• _EXERCISE DETAILS_: Give back an exact copy of the entries beneath, minus the pictures.

• _DATASET EXCERPTS_:
[Start of Attachment]

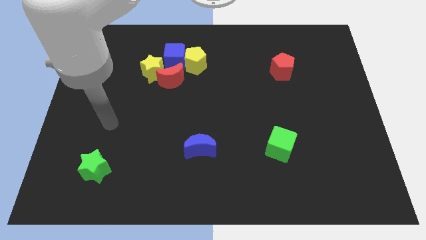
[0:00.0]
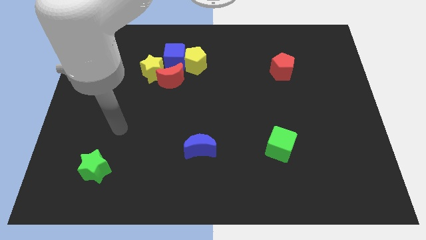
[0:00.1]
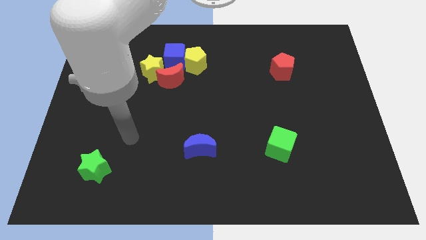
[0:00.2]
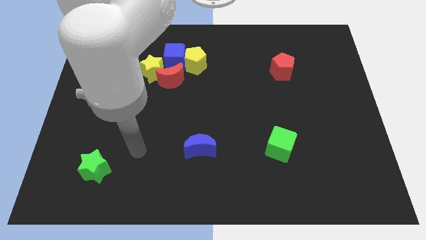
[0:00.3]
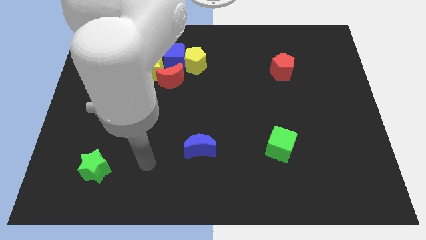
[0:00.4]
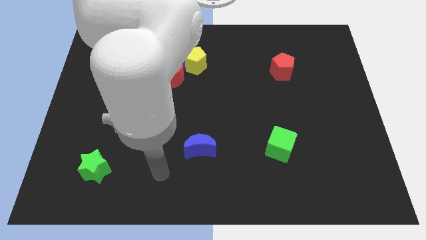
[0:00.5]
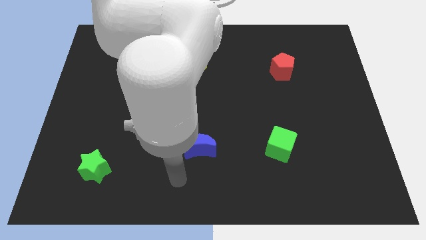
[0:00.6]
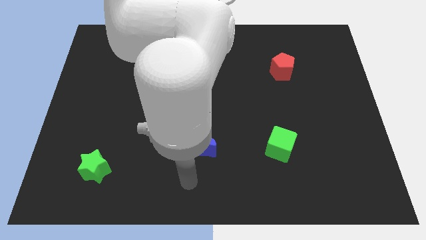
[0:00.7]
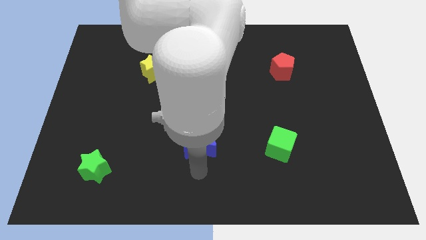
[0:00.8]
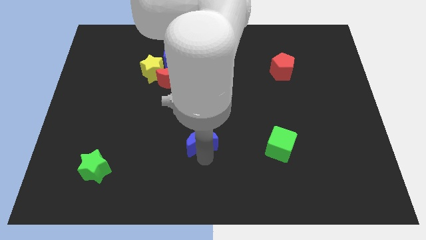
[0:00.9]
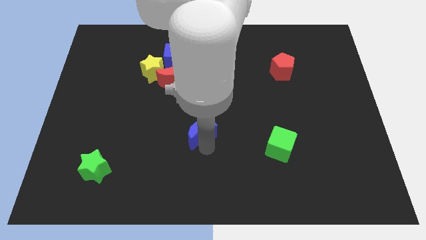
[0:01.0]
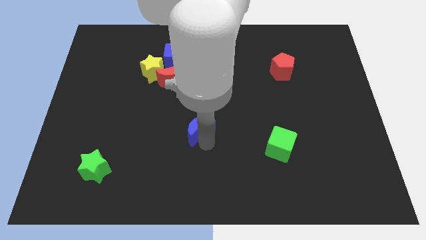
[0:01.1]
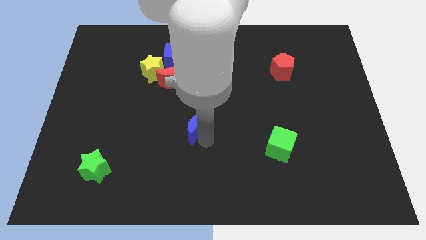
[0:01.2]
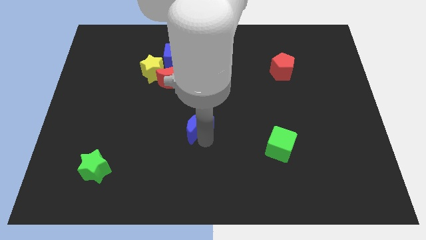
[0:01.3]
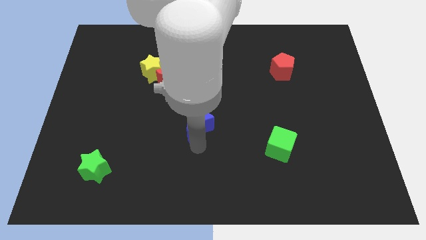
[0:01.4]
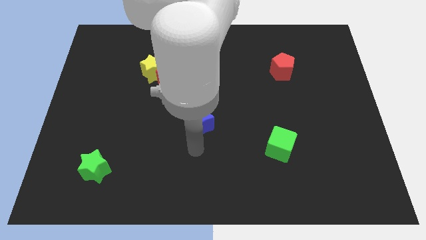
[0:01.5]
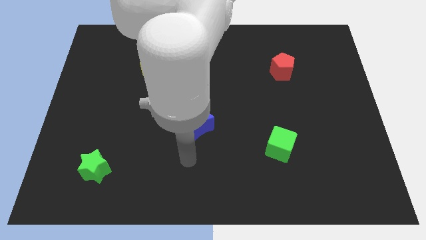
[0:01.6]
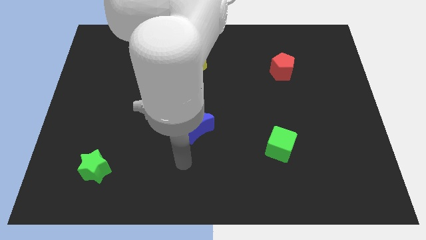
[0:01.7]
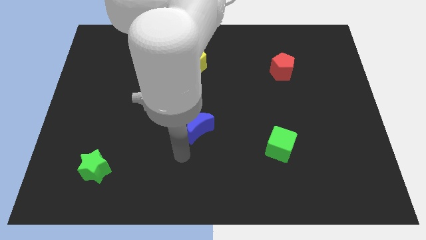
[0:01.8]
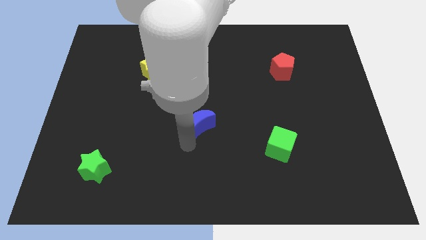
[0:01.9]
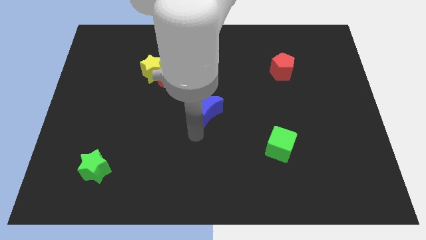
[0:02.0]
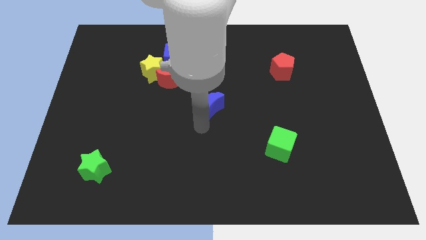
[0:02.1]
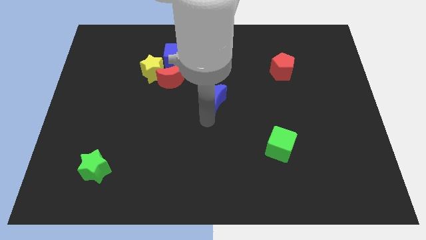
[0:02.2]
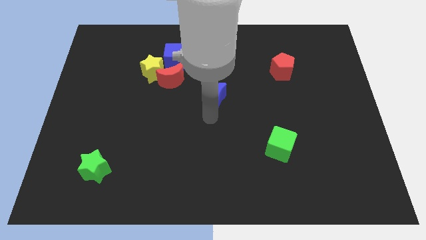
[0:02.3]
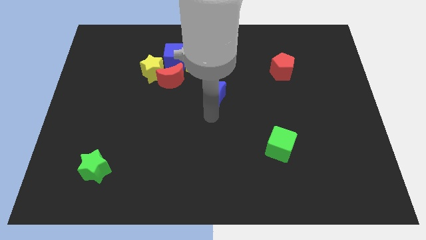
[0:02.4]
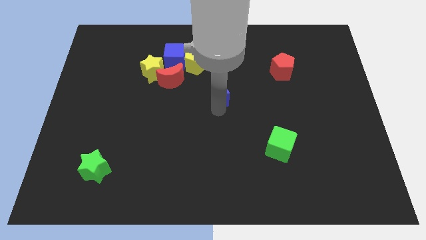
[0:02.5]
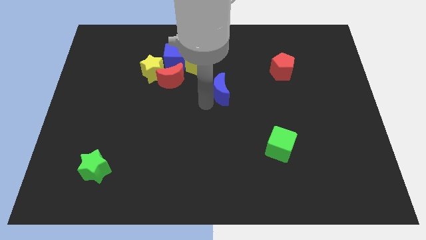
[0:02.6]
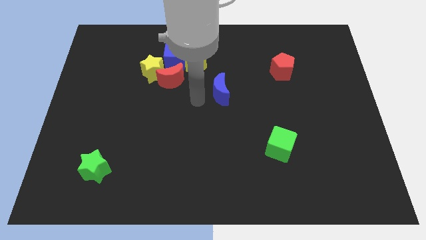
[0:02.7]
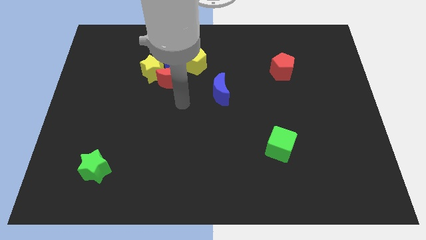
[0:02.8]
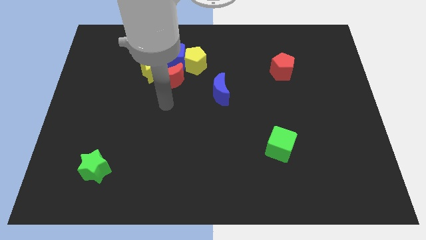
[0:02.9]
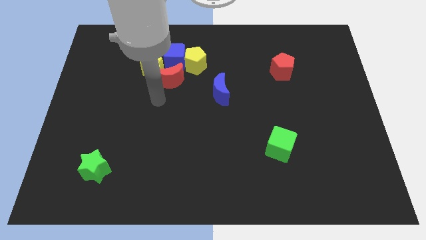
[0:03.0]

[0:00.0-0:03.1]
place blue crescent diagonally top left to the green cube

[End of Attachment]

• _EXPECTED OUTPUT_:
[0:00.0]
[0:00.1]
[0:00.2]
[0:00.3]
[0:00.4]
[0:00.5]
[0:00.6]
[0:00.7]
[0:00.8]
[0:00.9]
[0:01.0]
[0:01.1]
[0:01.2]
[0:01.3]
[0:01.4]
[0:01.5]
[0:01.6]
[0:01.7]
[0:01.8]
[0:01.9]
[0:02.0]
[0:02.1]
[0:02.2]
[0:02.3]
[0:02.4]
[0:02.5]
[0:02.6]
[0:02.7]
[0:02.8]
[0:02.9]
[0:03.0]

[0:00.0-0:03.1]
place blue crescent diagonally top left to the green cube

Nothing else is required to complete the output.